Note that this "states.json" does NOT contain a superset of each data source. For instance the racial/age demographic breakdown provided by "cc-est2018-alldata.csv" is extremely specific (giving race/sex break downs for every age bucket for 9 years!) but we don't include all of that in states.json.
Fortunately, it shouldn't be hard for somebody with some Python experience to modify "create_json.py" to add whatever additional data they might need.
Run
$ python get_county_shootings.py
$ python create_json.py
The first script writes some JSONs to generated/... and is only necessary if you've made changes to fatal-police-shootings.csv or get_county_shootings.py.

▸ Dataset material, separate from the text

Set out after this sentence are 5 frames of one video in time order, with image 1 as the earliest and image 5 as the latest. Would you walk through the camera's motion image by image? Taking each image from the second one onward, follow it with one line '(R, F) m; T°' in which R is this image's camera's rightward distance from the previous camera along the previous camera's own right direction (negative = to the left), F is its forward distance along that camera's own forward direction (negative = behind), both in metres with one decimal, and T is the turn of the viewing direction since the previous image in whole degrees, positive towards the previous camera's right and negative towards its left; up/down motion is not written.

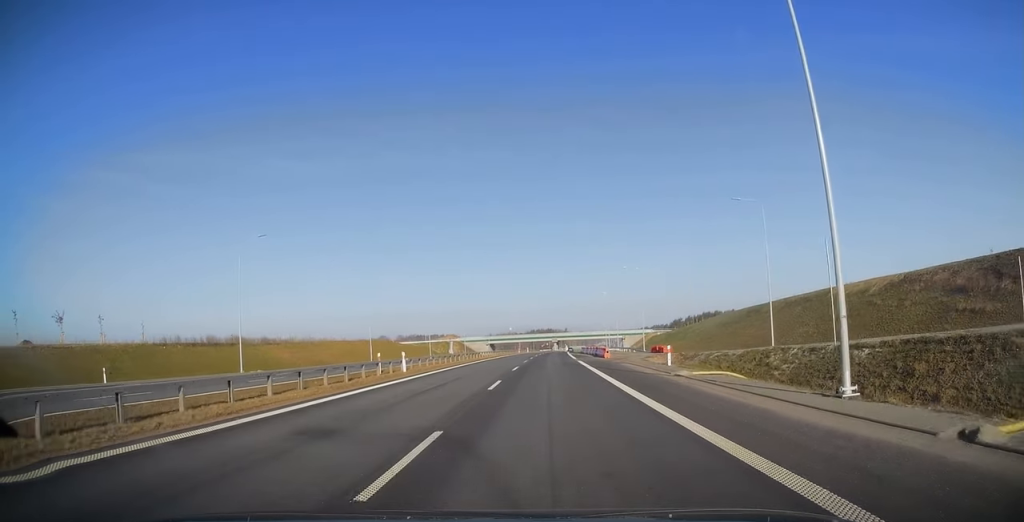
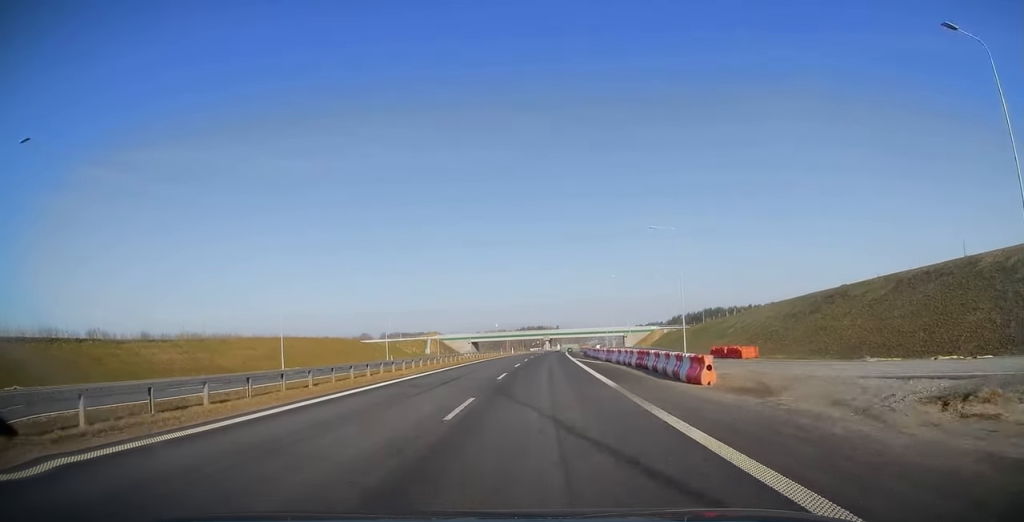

I was originally trying to reproduce this paper (it reproduced!) and then I wanted to try and reproduce it with county-level data (since 3000 is a much larger sample size than 50).
This effort formed the base of this project, and I figured, as long as I had sunk in several hours into this project, I might as well publicize the results.